Word rules
Given a pattern and a string s , determine whether s follows the same rule.
The following here refers to the exact match. For example, there is a corresponding law of bidirectional connection between each letter in pattern and each non-empty word in string s.
- Example 1:
Enter: pattern = "abba", s = "dog cat cat dog"
Output: true
- Example 2:
Enter: pattern = "abba", s = "dog cat cat fish"
Output: false
- Example 3:
Enter: pattern = "aaaa", s = "dog cat cat dog"
Output: false
hint:
1 <= <= 300
pattern only contains lowercase English letters
1 <= <= 3000
s contains only lowercase English letters and ''
s does not contain any leading or trailing pair spaces
Each word in s is separated by a single space
Method 1: Hash table (Java)
In this question, we need to judge whether the characters and string correspond exactly one by one. That is, any character corresponds to a unique string, and any character string is only corresponded to by a unique character. In set theory, this relationship is called "double shot".
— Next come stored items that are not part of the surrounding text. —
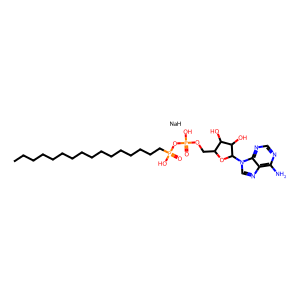
SMILES: CCCCCCCCCCCCCCCCP(=O)(O)OP(=O)(O)OCC1OC(n2cnc3c(N)ncnc32)C(O)C1O.[NaH]
Inhibits HIV replication: No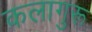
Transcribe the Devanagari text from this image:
कलागुरू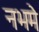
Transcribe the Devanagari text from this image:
नभमे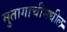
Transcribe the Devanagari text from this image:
मुतागाचीमधील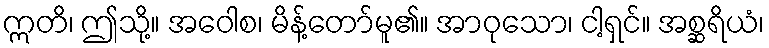
ဣတိ၊ ဤသို့။ အဝေါစ၊ မိန့်တော်မူ၏။ အာဝုသော၊ ငါ့ရှင်။ အစ္ဆရိယံ၊

To solve this problem, we can use a hash table to record the string corresponding to each character and the characters corresponding to each string. Then we enumerate the pairing process of each pair of characters and strings, and constantly update the hash table. If a conflict occurs, it means that the given input does not satisfy the bijection relationship.
The question essentially lets us judge whether the characters in str correspond to the characters in pattern one by one.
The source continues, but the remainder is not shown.